Até porque o Mmº JIC a quo apoia-se, efectivamente, na prova documental e pericial que consta dos autos, tanto que afirma que: “Ora toda a factualidade imputada e que descreve minimente a acção está materialmente documentada (ficheiros, conteúdo e partilhas), pelo que está perfeitamente adquirida para os autos, designadamente em face dos meios de obtenção de prova informáticos levados a cabo, com apreensões dos suportes informáticos detidos pelo arguido e a sua análise, como resulta da perícia realizada pela PJ, para além da instalação de programas de partilha o que só por si sustenta indiciariamente a intenção de divulgação, mas também nos casos afirmados a divulgação/partilha.”

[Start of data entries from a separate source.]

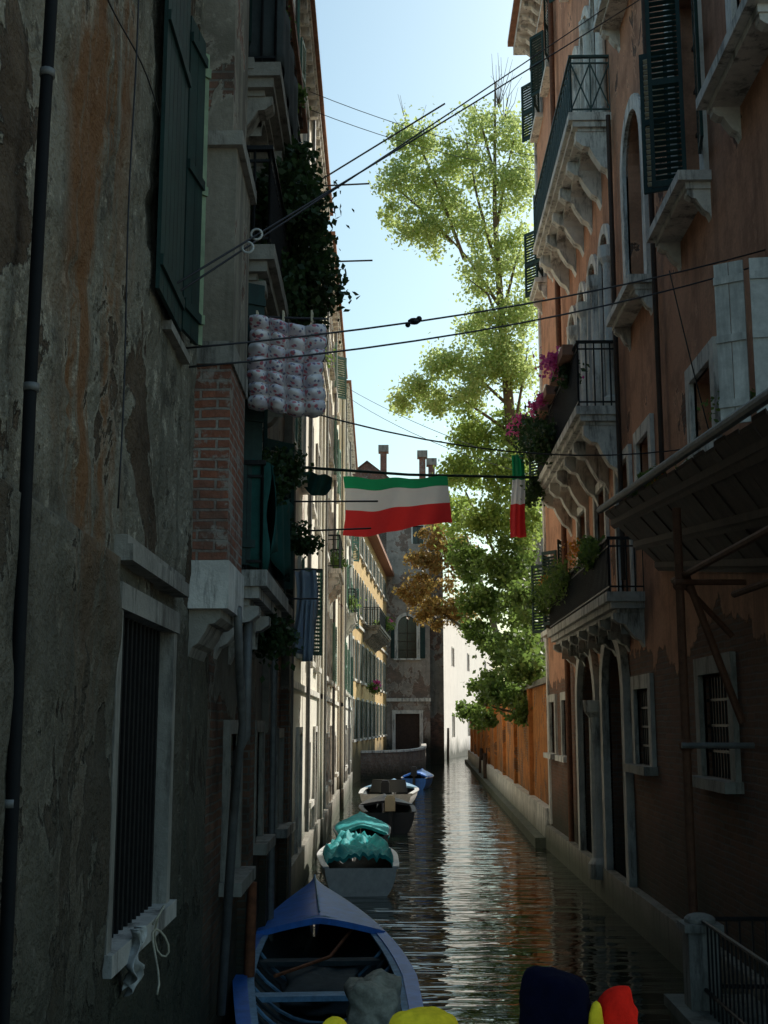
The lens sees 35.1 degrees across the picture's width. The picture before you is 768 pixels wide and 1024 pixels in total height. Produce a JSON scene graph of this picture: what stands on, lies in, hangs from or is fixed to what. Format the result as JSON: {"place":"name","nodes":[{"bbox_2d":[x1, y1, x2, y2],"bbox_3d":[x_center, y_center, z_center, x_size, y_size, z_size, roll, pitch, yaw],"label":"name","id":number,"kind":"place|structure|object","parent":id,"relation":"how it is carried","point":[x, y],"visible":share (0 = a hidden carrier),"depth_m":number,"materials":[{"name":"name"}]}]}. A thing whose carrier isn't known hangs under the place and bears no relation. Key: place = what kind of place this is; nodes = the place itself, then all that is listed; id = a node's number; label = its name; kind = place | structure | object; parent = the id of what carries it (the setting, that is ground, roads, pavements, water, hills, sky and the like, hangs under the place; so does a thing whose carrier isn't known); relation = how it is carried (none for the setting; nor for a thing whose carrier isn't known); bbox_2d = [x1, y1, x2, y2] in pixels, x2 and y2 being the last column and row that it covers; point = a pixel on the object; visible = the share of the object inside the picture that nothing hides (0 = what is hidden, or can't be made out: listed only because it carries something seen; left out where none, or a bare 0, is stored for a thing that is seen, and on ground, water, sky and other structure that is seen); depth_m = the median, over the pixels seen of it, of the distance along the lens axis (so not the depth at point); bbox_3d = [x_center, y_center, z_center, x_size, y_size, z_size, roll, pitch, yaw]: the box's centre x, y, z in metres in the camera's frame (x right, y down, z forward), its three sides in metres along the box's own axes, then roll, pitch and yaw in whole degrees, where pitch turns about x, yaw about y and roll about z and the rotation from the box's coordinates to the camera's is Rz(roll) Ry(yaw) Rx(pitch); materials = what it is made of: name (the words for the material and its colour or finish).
{"place":"outdoors","nodes":[
{"label":"outdoors","id":0,"kind":"place"},
{"bbox_2d":[361,743,425,762],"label":"quay parapet wall","id":1,"kind":"structure","parent":0,"point":[388,756],"depth_m":67.86,"materials":[{"name":"grey stone"}]},
{"bbox_2d":[315,0,538,668],"label":"sky","id":2,"kind":"structure","parent":0,"point":[430,54],"materials":[{"name":"blue"}]},
{"bbox_2d":[302,755,683,1023],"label":"canal water","id":3,"kind":"structure","parent":0,"point":[480,909],"depth_m":19.25,"materials":[{"name":"black liquid"}]},
{"bbox_2d":[181,653,208,1023],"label":"walls","id":4,"kind":"structure","parent":3,"relation":"in","point":[195,801],"depth_m":9.38,"materials":[{"name":"grey paint"}]},
{"bbox_2d":[0,0,205,1023],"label":"walls","id":5,"kind":"structure","parent":4,"relation":"attached to","point":[78,571],"depth_m":5.72,"materials":[{"name":"grey paint"}]},
{"bbox_2d":[0,0,57,1023],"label":"drain pipe","id":6,"kind":"object","parent":5,"relation":"attached to","point":[31,386],"visible":0.97,"depth_m":4.55,"materials":[{"name":"black metal"}]},
{"bbox_2d":[107,0,159,508],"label":"wall cable","id":7,"kind":"object","parent":5,"relation":"attached to","point":[136,49],"depth_m":6.55,"materials":[{"name":"metal"}]},
{"bbox_2d":[102,534,189,978],"bbox_3d":[-1.709,1.396,7.278,0.720,2.260,2.044,0,-10,0],"label":"barred window","id":8,"kind":"structure","parent":5,"relation":"attached to","point":[142,783],"depth_m":7.36,"materials":[{"name":"stone"}]},
{"bbox_2d":[122,925,147,996],"bbox_3d":[-1.349,2.436,6.580,0.114,0.355,0.298,0,-10,1],"label":"hanging rag","id":9,"kind":"object","parent":8,"relation":"hanging from","point":[135,967],"visible":0.97,"depth_m":6.55,"materials":[{"name":"grey fabric"}]},
{"bbox_2d":[152,904,169,994],"bbox_3d":[-1.319,2.525,7.075,0.098,0.471,0.363,0,-10,1],"label":"mooring rope","id":10,"kind":"object","parent":8,"relation":"attached to","point":[154,944],"visible":1,"depth_m":7.12,"materials":[{"name":"fabric"}]},
{"bbox_2d":[155,0,211,364],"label":"shutters","id":11,"kind":"object","parent":5,"relation":"attached to","point":[183,188],"visible":0.98,"depth_m":8.32,"materials":[{"name":"green paint"}]},
{"bbox_2d":[188,0,256,661],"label":"chimney breast","id":12,"kind":"object","parent":4,"relation":"on","point":[216,594],"visible":0.81,"depth_m":9.51,"materials":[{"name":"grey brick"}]},
{"bbox_2d":[247,310,327,417],"bbox_3d":[-0.969,-1.279,10.603,0.961,0.970,0.416,0,-10,1],"label":"floral quilt","id":13,"kind":"object","parent":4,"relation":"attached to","point":[293,387],"visible":0.97,"depth_m":10.53,"materials":[{"name":"fabric"}]},
{"bbox_2d":[200,205,294,1023],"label":"walls","id":14,"kind":"structure","parent":3,"relation":"in","point":[222,699],"depth_m":12.17,"materials":[{"name":"paint"}]},
{"bbox_2d":[213,0,307,940],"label":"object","id":15,"kind":"structure","parent":14,"relation":"attached to","point":[268,123],"depth_m":12.07,"materials":[{"name":"grey glass"}]},
{"bbox_2d":[216,600,252,1015],"bbox_3d":[-1.185,2.387,9.938,0.236,3.502,1.190,2,-10,-11],"label":"waste pipe","id":16,"kind":"object","parent":15,"relation":"attached to","point":[243,655],"visible":0.89,"depth_m":10.28,"materials":[{"name":"grey metal"}]},
{"bbox_2d":[242,0,298,610],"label":"shutters","id":17,"kind":"object","parent":15,"relation":"attached to","point":[255,422],"visible":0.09,"depth_m":10.77,"materials":[{"name":"green paint"}]},
{"bbox_2d":[248,458,293,580],"bbox_3d":[-1.151,0.193,11.778,0.457,1.050,2.382,0,-10,1],"label":"green awning cloth","id":18,"kind":"object","parent":15,"relation":"on","point":[276,549],"visible":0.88,"depth_m":10.72,"materials":[{"name":"green fabric"}]},
{"bbox_2d":[244,0,301,591],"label":"railings","id":19,"kind":"object","parent":15,"relation":"on","point":[277,236],"visible":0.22,"depth_m":11.40,"materials":[{"name":"black metal"}]},
{"bbox_2d":[249,0,297,151],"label":"balcony screen cloth","id":20,"kind":"object","parent":15,"relation":"on","point":[285,54],"visible":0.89,"depth_m":12.06,"materials":[{"name":"fabric"}]},
{"bbox_2d":[252,442,311,682],"bbox_3d":[-1.334,0.377,14.940,0.858,3.583,5.736,1,-10,-3],"label":"trailing plant","id":21,"kind":"object","parent":15,"relation":"on","point":[274,637],"visible":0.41,"depth_m":12.19,"materials":[{"name":"green plant"}]},
{"bbox_2d":[262,442,332,558],"bbox_3d":[-1.053,-0.244,12.048,0.691,1.144,2.799,-1,-10,7],"label":"potted shrub","id":22,"kind":"object","parent":15,"relation":"on","point":[288,469],"visible":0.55,"depth_m":12.27,"materials":[{"name":"green plant"}]},
{"bbox_2d":[286,5,311,112],"bbox_3d":[-1.224,-5.195,13.633,0.636,0.540,2.904,0,-10,1],"label":"balcony plant","id":23,"kind":"object","parent":15,"relation":"on","point":[302,93],"visible":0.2,"depth_m":14.72,"materials":[{"name":"green plant"}]},
{"bbox_2d":[250,131,359,343],"bbox_3d":[-0.921,-2.932,13.875,1.314,2.510,3.268,0,-10,1],"label":"hanging ivy","id":24,"kind":"object","parent":15,"relation":"attached to","point":[308,269],"visible":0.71,"depth_m":13.08,"materials":[{"name":"green plant"}]},
{"bbox_2d":[288,569,321,660],"bbox_3d":[-1.159,1.377,16.493,0.600,1.332,1.084,0,-10,1],"label":"hanging laundry","id":25,"kind":"object","parent":15,"relation":"hanging from","point":[307,605],"visible":0.96,"depth_m":16.87,"materials":[{"name":"blue fabric"}]},
{"bbox_2d":[296,527,370,531],"bbox_3d":[-0.845,0.263,17.738,1.316,0.075,0.027,0,-10,1],"label":"iron rod","id":26,"kind":"object","parent":14,"relation":"attached to","point":[339,529],"visible":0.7,"depth_m":17.73,"materials":[{"name":"metal"}]},
{"bbox_2d":[294,500,377,501],"bbox_3d":[-0.795,-0.156,17.810,1.415,0.025,0.027,0,-10,1],"label":"iron rod","id":27,"kind":"object","parent":14,"relation":"attached to","point":[342,501],"visible":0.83,"depth_m":17.80,"materials":[{"name":"metal"}]},
{"bbox_2d":[244,882,256,985],"bbox_3d":[-1.347,5.124,12.031,0.131,2.821,0.118,0,-10,1],"label":"mooring post","id":28,"kind":"object","parent":3,"relation":"in","point":[249,954],"visible":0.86,"depth_m":12.15,"materials":[{"name":"brown wood"}]},
{"bbox_2d":[291,0,323,857],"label":"walls","id":29,"kind":"structure","parent":3,"relation":"in","point":[299,707],"depth_m":25.43,"materials":[{"name":"beige paint"}]},
{"bbox_2d":[291,0,332,895],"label":"building","id":30,"kind":"structure","parent":29,"relation":"attached to","point":[306,850],"depth_m":24.70,"materials":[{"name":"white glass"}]},
{"bbox_2d":[295,0,322,655],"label":"shutters","id":31,"kind":"object","parent":30,"relation":"attached to","point":[298,429],"visible":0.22,"depth_m":22.56,"materials":[{"name":"green paint"}]},
{"bbox_2d":[303,471,331,495],"bbox_3d":[-1.313,-0.554,23.473,0.620,0.514,0.200,0,-10,1],"label":"flower pot","id":32,"kind":"object","parent":30,"relation":"attached to","point":[320,485],"visible":0.79,"depth_m":23.48,"materials":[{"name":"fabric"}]},
{"bbox_2d":[323,321,328,368],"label":"railings","id":33,"kind":"object","parent":30,"relation":"on","point":[326,349],"visible":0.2,"depth_m":28.27,"materials":[{"name":"black metal"}]},
{"bbox_2d":[323,103,444,178],"bbox_3d":[-0.049,-8.885,29.208,3.085,1.735,0.042,-2,-10,10],"label":"iron rod","id":34,"kind":"object","parent":30,"relation":"attached to","point":[386,139],"visible":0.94,"depth_m":29.19,"materials":[{"name":"metal"}]},
{"bbox_2d":[323,183,368,186],"bbox_3d":[-0.956,-7.975,29.627,1.204,0.090,0.042,0,-10,1],"label":"iron rod","id":35,"kind":"object","parent":29,"relation":"attached to","point":[348,184],"visible":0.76,"depth_m":29.61,"materials":[{"name":"metal"}]},
{"bbox_2d":[340,260,372,261],"bbox_3d":[-0.916,-6.044,29.291,1.284,0.070,0.042,0,-10,1],"label":"iron rod","id":36,"kind":"object","parent":29,"relation":"attached to","point":[355,260],"visible":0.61,"depth_m":29.27,"materials":[{"name":"metal"}]},
{"bbox_2d":[232,874,423,1023],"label":"blue rowing boat","id":37,"kind":"object","parent":3,"relation":"on","point":[349,963],"visible":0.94,"depth_m":13.14,"materials":[{"name":"paint"}]},
{"bbox_2d":[319,315,340,817],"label":"walls","id":38,"kind":"structure","parent":3,"relation":"in","point":[330,610],"depth_m":35.50,"materials":[{"name":"beige paint"}]},
{"bbox_2d":[319,231,347,847],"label":"building","id":39,"kind":"structure","parent":38,"relation":"attached to","point":[334,581],"depth_m":35.53,"materials":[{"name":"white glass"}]},
{"bbox_2d":[328,534,342,569],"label":"railings","id":40,"kind":"object","parent":39,"relation":"on","point":[340,549],"visible":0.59,"depth_m":34.46,"materials":[{"name":"black metal"}]},
{"bbox_2d":[332,342,346,683],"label":"shutters","id":41,"kind":"object","parent":39,"relation":"attached to","point":[341,396],"visible":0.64,"depth_m":39.53,"materials":[{"name":"green paint"}]},
{"bbox_2d":[325,349,366,613],"bbox_3d":[-1.490,0.199,38.669,1.258,4.206,23.614,0,-10,1],"label":"window box plant","id":42,"kind":"object","parent":39,"relation":"attached to","point":[336,560],"depth_m":36.07,"materials":[{"name":"green plant"}]},
{"bbox_2d":[339,387,352,808],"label":"walls","id":43,"kind":"structure","parent":3,"relation":"in","point":[341,707],"depth_m":44.30,"materials":[{"name":"beige paint"}]},
{"bbox_2d":[340,380,357,809],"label":"building","id":44,"kind":"structure","parent":43,"relation":"attached to","point":[350,618],"depth_m":49.51,"materials":[{"name":"beige paint"}]},
{"bbox_2d":[345,468,358,696],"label":"shutters","id":45,"kind":"object","parent":44,"relation":"attached to","point":[350,664],"visible":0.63,"depth_m":55.41,"materials":[{"name":"green paint"}]},
{"bbox_2d":[348,588,356,612],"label":"railings","id":46,"kind":"object","parent":44,"relation":"on","point":[351,589],"visible":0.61,"depth_m":48.26,"materials":[{"name":"black metal"}]},
{"bbox_2d":[317,829,398,896],"bbox_3d":[-0.499,6.858,23.815,1.629,0.996,4.937,0,-10,1],"label":"white motor boat","id":47,"kind":"object","parent":3,"relation":"on","point":[371,869],"visible":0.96,"depth_m":22.07,"materials":[{"name":"paint"}]},
{"bbox_2d":[333,812,390,842],"bbox_3d":[-0.533,7.959,29.879,1.432,0.903,5.025,0,-10,1],"label":"covered boat","id":48,"kind":"object","parent":3,"relation":"on","point":[370,825],"visible":0.57,"depth_m":29.37,"materials":[{"name":"fabric"}]},
{"bbox_2d":[352,537,385,783],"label":"walls","id":49,"kind":"structure","parent":3,"relation":"in","point":[360,691],"depth_m":70.85,"materials":[{"name":"paint"}]},
{"bbox_2d":[352,534,393,741],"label":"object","id":50,"kind":"structure","parent":49,"relation":"attached to","point":[376,638],"depth_m":72.12,"materials":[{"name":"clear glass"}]},
{"bbox_2d":[352,537,385,739],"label":"shutters","id":51,"kind":"object","parent":50,"relation":"attached to","point":[380,676],"visible":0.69,"depth_m":71.64,"materials":[{"name":"green paint"}]},
{"bbox_2d":[363,607,389,635],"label":"railings","id":52,"kind":"object","parent":50,"relation":"on","point":[382,619],"visible":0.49,"depth_m":69.14,"materials":[{"name":"black metal"}]},
{"bbox_2d":[366,616,398,696],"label":"flower box","id":53,"kind":"object","parent":50,"relation":"on","point":[389,624],"visible":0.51,"depth_m":67.76,"materials":[{"name":"green plant"}]},
{"bbox_2d":[373,619,392,689],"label":"flower box","id":54,"kind":"object","parent":53,"relation":"on","point":[376,682],"visible":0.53,"depth_m":67.22,"materials":[{"name":"pink plant"}]},
{"bbox_2d":[359,794,415,833],"bbox_3d":[0.096,8.906,36.203,1.702,1.240,5.814,0,-10,1],"label":"dark motor boat","id":55,"kind":"object","parent":3,"relation":"on","point":[397,816],"visible":0.77,"depth_m":33.67,"materials":[{"name":"paint"}]},
{"bbox_2d":[359,779,418,810],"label":"grey motor boat","id":56,"kind":"object","parent":3,"relation":"on","point":[403,789],"visible":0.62,"depth_m":44.65,"materials":[{"name":"white paint"}]},
{"bbox_2d":[361,756,425,779],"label":"quay","id":57,"kind":"structure","parent":3,"relation":"in","point":[384,770],"depth_m":67.31,"materials":[{"name":"grey stone"}]},
{"bbox_2d":[386,525,443,763],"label":"grey brick palazzo","id":58,"kind":"structure","parent":3,"relation":"in","point":[415,688],"depth_m":91.55,"materials":[{"name":"grey brick"}]},
{"bbox_2d":[401,767,433,789],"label":"blue boat","id":59,"kind":"object","parent":3,"relation":"on","point":[414,777],"visible":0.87,"depth_m":55.74,"materials":[{"name":"paint"}]},
{"bbox_2d":[447,728,448,759],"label":"mooring post","id":60,"kind":"object","parent":3,"relation":"in","point":[447,743],"visible":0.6,"depth_m":101.99,"materials":[{"name":"brown wood"}]},
{"bbox_2d":[443,615,492,759],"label":"pale pink house","id":61,"kind":"structure","parent":3,"relation":"in","point":[460,664],"depth_m":110.62,"materials":[{"name":"paint"}]},
{"bbox_2d":[479,748,482,772],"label":"mooring post","id":62,"kind":"object","parent":3,"relation":"in","point":[481,754],"visible":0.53,"depth_m":68.47,"materials":[{"name":"brown wood"}]},
{"bbox_2d":[483,753,486,777],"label":"mooring post","id":63,"kind":"object","parent":3,"relation":"in","point":[484,765],"visible":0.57,"depth_m":61.54,"materials":[{"name":"brown wood"}]},
{"bbox_2d":[465,677,550,847],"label":"garden wall","id":64,"kind":"structure","parent":3,"relation":"in","point":[515,782],"depth_m":38.44,"materials":[{"name":"orange paint"}]},
{"bbox_2d":[507,0,767,1005],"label":"terracotta palazzo","id":65,"kind":"structure","parent":3,"relation":"in","point":[647,132],"depth_m":17.39,"materials":[{"name":"paint"}]},
{"bbox_2d":[161,7,605,303],"bbox_3d":[1.189,-4.886,13.945,0.015,9.012,11.888,-5,-11,26],"label":"clothesline wire","id":66,"kind":"object","parent":65,"relation":"attached to","point":[238,252],"visible":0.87,"depth_m":10.42,"materials":[{"name":"metal"}]},
{"bbox_2d":[177,0,638,283],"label":"clothesline wire","id":67,"kind":"object","parent":65,"relation":"attached to","point":[257,234],"visible":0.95,"depth_m":10.27,"materials":[{"name":"metal"}]},
{"bbox_2d":[241,228,262,253],"bbox_3d":[-0.952,-1.958,8.784,0.083,0.232,0.157,-6,-12,32],"label":"pulley ring","id":68,"kind":"object","parent":67,"relation":"hanging from","point":[251,243],"visible":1,"depth_m":8.78,"materials":[{"name":"white paint"}]},
{"bbox_2d":[302,466,538,478],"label":"wire","id":69,"kind":"object","parent":65,"relation":"attached to","point":[413,474],"visible":0.86,"depth_m":24.52,"materials":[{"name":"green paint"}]},
{"bbox_2d":[343,476,451,536],"bbox_3d":[0.261,-0.123,24.354,2.192,1.237,0.340,0,-10,1],"label":"italian flag","id":70,"kind":"object","parent":69,"relation":"hanging from","point":[403,503],"visible":0.98,"depth_m":24.42,"materials":[{"name":"red fabric"}]},
{"bbox_2d":[510,454,526,537],"bbox_3d":[2.788,-0.337,25.380,0.330,1.750,0.120,0,-10,1],"label":"italian flag","id":71,"kind":"object","parent":69,"relation":"hanging from","point":[517,519],"visible":1,"depth_m":25.36,"materials":[{"name":"red fabric"}]},
{"bbox_2d":[311,110,534,169],"bbox_3d":[1.272,-8.775,28.959,0.015,1.814,8.656,-8,-13,40],"label":"clothesline wire","id":72,"kind":"object","parent":65,"relation":"attached to","point":[416,145],"visible":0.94,"depth_m":28.26,"materials":[{"name":"metal"}]},
{"bbox_2d":[311,92,534,155],"bbox_3d":[1.272,-9.137,28.920,0.015,1.914,8.809,-8,-13,39],"label":"clothesline wire","id":73,"kind":"object","parent":65,"relation":"attached to","point":[416,129],"visible":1,"depth_m":28.14,"materials":[{"name":"metal"}]},
{"bbox_2d":[343,394,533,475],"bbox_3d":[0.824,-2.544,34.738,0.015,6.514,17.225,3,-10,-16],"label":"clothesline wire","id":74,"kind":"object","parent":65,"relation":"attached to","point":[436,443],"visible":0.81,"depth_m":32.28,"materials":[{"name":"metal"}]},
{"bbox_2d":[343,385,536,467],"bbox_3d":[0.824,-2.790,34.781,0.015,6.614,17.226,3,-10,-16],"label":"clothesline wire","id":75,"kind":"object","parent":65,"relation":"attached to","point":[436,431],"visible":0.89,"depth_m":32.82,"materials":[{"name":"metal"}]},
{"bbox_2d":[189,267,748,367],"bbox_3d":[1.114,-1.734,10.354,5.737,1.814,0.015,5,-11,-26],"label":"clothesline wire","id":76,"kind":"object","parent":65,"relation":"attached to","point":[216,364],"visible":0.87,"depth_m":9.96,"materials":[{"name":"metal"}]},
{"bbox_2d":[186,249,765,348],"bbox_3d":[1.114,-1.854,10.248,5.803,1.854,0.015,5,-11,-27],"label":"clothesline wire","id":77,"kind":"object","parent":65,"relation":"attached to","point":[235,343],"visible":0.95,"depth_m":9.95,"materials":[{"name":"metal"}]},
{"bbox_2d":[405,316,421,327],"bbox_3d":[0.236,-1.522,9.725,0.134,0.096,0.067,0,-10,1],"label":"wire pulley","id":78,"kind":"object","parent":77,"relation":"attached to","point":[415,321],"visible":1,"depth_m":9.71,"materials":[{"name":"black metal"}]},
{"bbox_2d":[320,415,679,455],"bbox_3d":[1.237,-0.840,12.505,6.107,0.481,0.015,7,-12,-34],"label":"clothesline wire","id":79,"kind":"object","parent":65,"relation":"attached to","point":[490,448],"visible":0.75,"depth_m":12.33,"materials":[{"name":"metal"}]},
{"bbox_2d":[506,345,583,439],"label":"balcony flowers","id":80,"kind":"object","parent":65,"relation":"attached to","point":[549,360],"visible":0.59,"depth_m":23.37,"materials":[{"name":"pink plant"}]},
{"bbox_2d":[506,360,589,507],"bbox_3d":[3.168,-1.505,23.658,1.308,2.051,5.840,0,-10,1],"label":"balcony greenery","id":81,"kind":"object","parent":65,"relation":"attached to","point":[537,436],"visible":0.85,"depth_m":23.56,"materials":[{"name":"green plant"}]},
{"bbox_2d":[532,344,572,421],"bbox_3d":[3.157,-2.266,23.245,0.180,0.180,5.550,0,-10,1],"label":"planter box","id":82,"kind":"object","parent":65,"relation":"attached to","point":[565,355],"visible":0.63,"depth_m":22.23,"materials":[{"name":"ceramic"}]},
{"bbox_2d":[524,534,604,616],"bbox_3d":[3.306,1.228,22.162,1.136,1.133,7.380,0,-10,1],"label":"balcony greenery","id":83,"kind":"object","parent":65,"relation":"attached to","point":[547,591],"visible":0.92,"depth_m":22.58,"materials":[{"name":"green plant"}]},
{"bbox_2d":[538,537,581,584],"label":"balcony flowers","id":84,"kind":"object","parent":83,"relation":"attached to","point":[576,549],"visible":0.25,"depth_m":20.36,"materials":[{"name":"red plant"}]},
{"bbox_2d":[597,388,767,913],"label":"timber canopy","id":85,"kind":"object","parent":65,"relation":"attached to","point":[703,511],"visible":0.85,"depth_m":12.15,"materials":[{"name":"brown wood"}]},
{"bbox_2d":[627,463,665,496],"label":"potted flowers","id":86,"kind":"object","parent":85,"relation":"on","point":[640,474],"visible":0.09,"depth_m":15.32,"materials":[{"name":"green plant"}]},
{"bbox_2d":[674,388,755,468],"bbox_3d":[3.292,-0.733,12.007,0.534,0.733,2.162,0,-10,1],"label":"climbing vine","id":87,"kind":"object","parent":85,"relation":"attached to","point":[752,394],"visible":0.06,"depth_m":11.66,"materials":[{"name":"green plant"}]},
{"bbox_2d":[669,270,708,428],"bbox_3d":[3.448,-1.759,13.685,0.014,1.757,0.904,-8,-13,39],"label":"cable","id":88,"kind":"object","parent":65,"relation":"attached to","point":[688,350],"visible":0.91,"depth_m":13.65,"materials":[{"name":"metal"}]},
{"bbox_2d":[664,994,765,1023],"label":"stone landing","id":89,"kind":"object","parent":3,"relation":"in","point":[679,1009],"visible":0.43,"depth_m":11.08,"materials":[{"name":"grey stone"}]},
{"bbox_2d":[676,912,723,1010],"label":"stone pillar","id":90,"kind":"structure","parent":89,"relation":"on","point":[691,927],"depth_m":11.16,"materials":[{"name":"grey stone"}]},
{"bbox_2d":[701,917,767,1023],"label":"iron railing","id":91,"kind":"object","parent":89,"relation":"on","point":[746,986],"visible":1,"depth_m":10.35,"materials":[{"name":"black metal"}]},
{"label":"garden ground","id":92,"kind":"structure","parent":0,"visible":0},
{"bbox_2d":[391,523,499,654],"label":"horse chestnut tree","id":93,"kind":"object","parent":92,"relation":"on","point":[431,607],"visible":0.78,"depth_m":61.85,"materials":[{"name":"brown plant"}]},
{"bbox_2d":[368,59,544,655],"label":"poplar tree","id":94,"kind":"object","parent":92,"relation":"on","point":[506,360],"visible":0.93,"depth_m":42.85,"materials":[{"name":"green plant"}]},
{"bbox_2d":[427,400,544,642],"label":"linden tree","id":95,"kind":"object","parent":92,"relation":"on","point":[490,519],"visible":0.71,"depth_m":41.86,"materials":[{"name":"green plant"}]},
{"bbox_2d":[439,533,545,733],"bbox_3d":[3.932,4.624,37.978,4.219,8.992,10.400,0,-10,1],"label":"fig tree","id":96,"kind":"object","parent":92,"relation":"on","point":[518,658],"visible":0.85,"depth_m":39.59,"materials":[{"name":"green plant"}]},
{"bbox_2d":[533,472,542,572],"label":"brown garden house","id":97,"kind":"structure","parent":92,"relation":"on","point":[540,545],"depth_m":89.43,"materials":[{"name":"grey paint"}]},
{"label":"pavement","id":98,"kind":"structure","parent":0,"visible":0},
{"bbox_3d":[0.865,1.216,-0.686,5.150,1.270,5.100,0,-10,1],"label":"stone bridge","id":99,"kind":"object","parent":98,"relation":"on","visible":0},
{"bbox_2d":[323,1006,457,1023],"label":"jester hat","id":100,"kind":"object","parent":99,"relation":"on","point":[427,1015],"visible":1,"depth_m":1.78,"materials":[{"name":"yellow fabric"}]},
{"bbox_2d":[519,966,637,1023],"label":"jester hat","id":101,"kind":"object","parent":99,"relation":"on","point":[550,995],"visible":1,"depth_m":1.76,"materials":[{"name":"blue fabric"}]},
{"label":"ground","id":102,"kind":"structure","parent":0,"visible":0},
{"bbox_2d":[352,445,436,551],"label":"gabled brick house","id":103,"kind":"structure","parent":102,"relation":"on","point":[422,456],"depth_m":106.09,"materials":[{"name":"brick"}]}
]}

Como é que, então, se aceita essa prova para os tais 15 crimes de pornografia que o Mmº JIC a quo tem como indiciados e se ignora as restantes centenas de milhares de ficheiros que dessa prova também consta?
Assim, por considerar que o facto vertido em 23 não pode ser isolado dos restantes factos, sendo que se me afigura que há elementos suficientes no referido facto vertido em 23 para que o arguido pudesse desenvolver uma defesa adequada, eu teria julgado o recurso interposto pelo Digno Mº Pº procedente.
Florbela Sebastião e Silva
[1] Diploma ao qual pertencem todas as disposições legais a seguir citadas, sem menção da respectiva origem. [2] Cfr. fls. 3/17. [3] Todas as transcrições a seguir efectuadas estão em conformidade com o texto original, ressalvando-se a correcção de erros ou lapsos de escrita manifestos, da formatação do texto e da ortografia utilizada, da responsabilidade do relator. [4] Cfr., neste sentido, Germano Marques da Silva, in “Direito Processual Penal Português - Do Procedimento (Marcha do Processo) ”, Vol. 3, Universidade Católica Editora, 2015, pág. 334 e sgts., e o Acórdão de fixação de jurisprudência do S.T.J. nº 7/95 de 19/10/1995, publicado no DR, Série I-A, de 28/12/1995, em interpretação que ainda hoje mantém actualidade. [5] Neste sentido decidiu este TRG no acórdão de 13/06/2016, proferido no âmbito do Proc. nº 18/14.6T9MNC..G1, disponível inhttps://jurisprudencia.csm.org.pt/ecli/ECLI:PT:TRG:2016:18.14.6T9MNC.G1.52/, no qual se afirma:
“Ao contrário do que acontece com outras peças processuais, a lei não permite que a narração dos factos da acusação seja feita por mera remissão para outras peças ou documentos do processo (cfr. arts. 313 nº 1 al. a) e art. 307 nº 1 do CPP).”.
(...)
“Os arguidos defendem-se duma acusação e não do “processo”. Não deve ser confundida a exigência de alegação de todos os factos essenciais à condenação com a prova dos mesmos. A circunstância de determinado facto poder ser provado por documento junto aos autos não dispensa a sua alegação.”